The game’s gallery of destructible sandboxes offer some great freeform fun. However, those players wanting more purpose and structure, will likely stick with the campaign. Here, Tuxedo Labs transforms Teardown into a first person, physics-based puzzle game. Campaign objectives will often have you levelling a building with limited tools or stealing some booty.
It is the latter heists-style missions that present a conundrum – once you’ve grabbed your first item an alarm will trigger, giving you a minute or so to reach an exit point on the map. Stages are deliberately designed to give you just enough time to escape, though you’ll have to lay down a plan before hitting that first alarm. A plan that often involves marking and carving paths through the map, positioning getaway vehicles, and so on. While not as immediately satisfying as destruction-based missions, pulling off the perfect heist (while also scooping all optional objectives0 is super satisfying. It will also bag you more campaign stars, unlocking additional tools and equipment.

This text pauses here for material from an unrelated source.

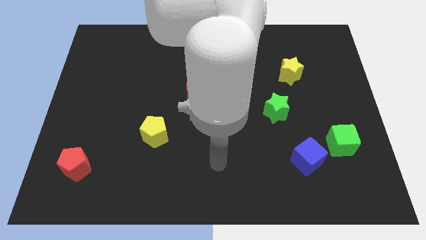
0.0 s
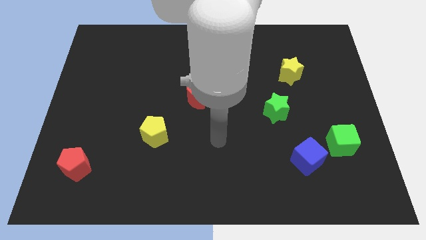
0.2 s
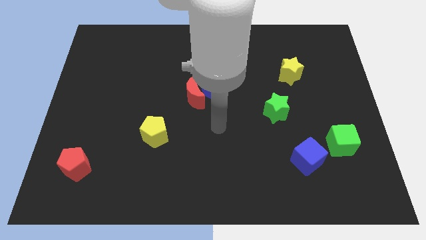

It’s likely you’ll get you demolition man fill after playing for several hours, though there’s plenty to go back and explore. Besides a wealth of mods, which includes user-generated levels and tools, Tuxedo Labs continues to update Teardown, having just launched the Art Vandals expansion. Delivering on its promise of fully destructible environments, it’s great for short bursts and an ideal pick for those who have recently purchased a Steam Deck.